* **DATA EXCERPT**

################

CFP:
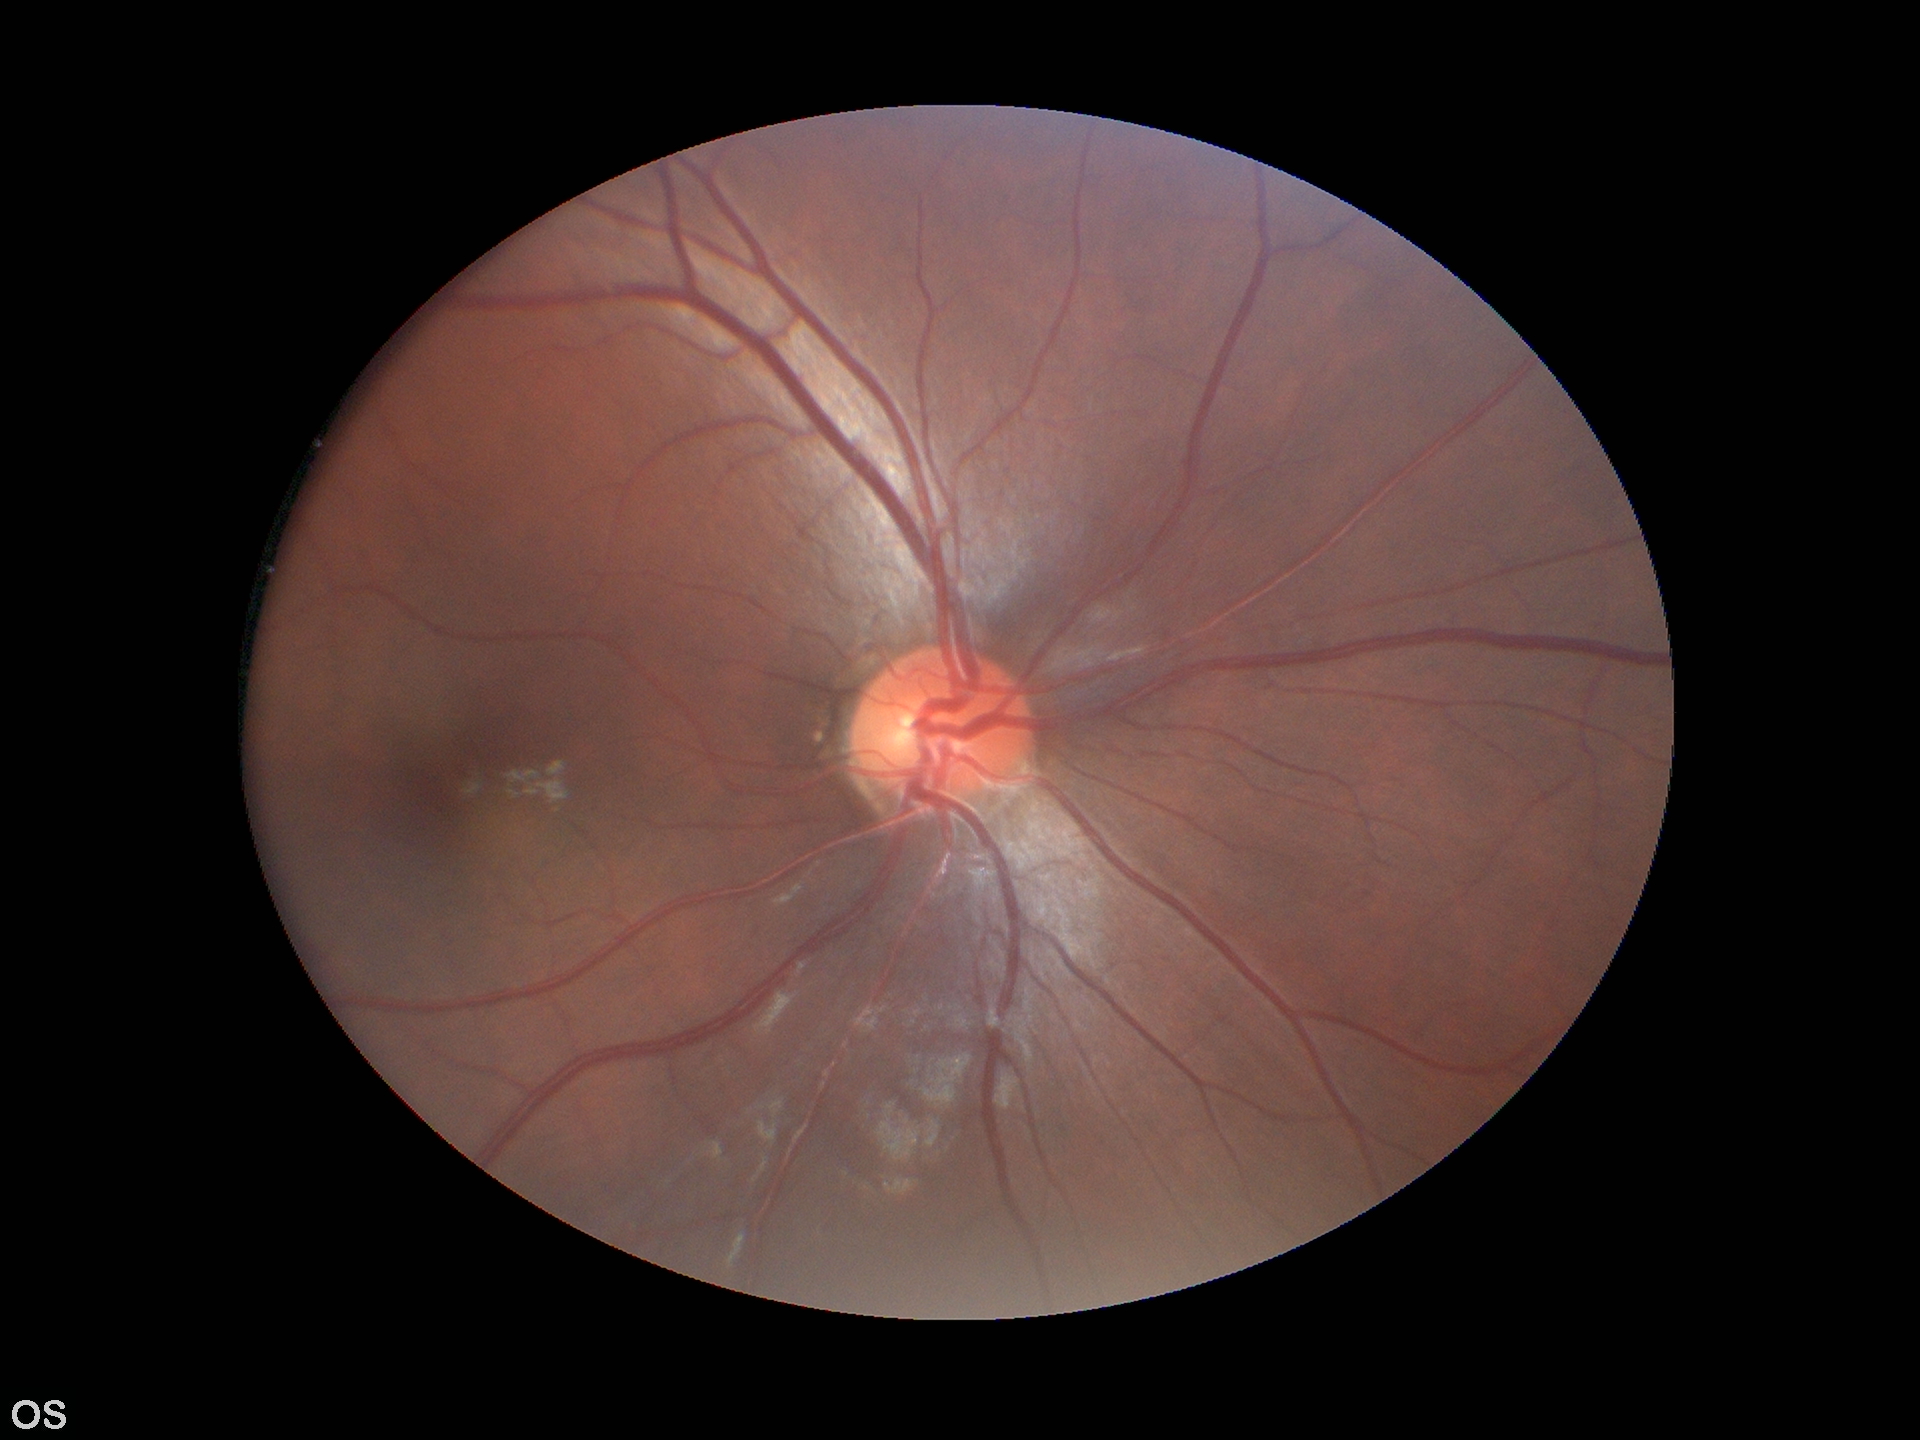
Glaucoma evaluation: negative (unanimous normal call)
horizontal CDR (HCDR): 0.43
vertical cup-to-disc ratio (VCDR): 0.43

################

* **AIM OF THE TASK**
Exact transcription of the full listing above is required; images do not belong in it.

* **RESPONSE FOR THIS EXERCISE**
CFP:
Glaucoma evaluation: negative (unanimous normal call)
horizontal CDR (HCDR): 0.43
vertical cup-to-disc ratio (VCDR): 0.43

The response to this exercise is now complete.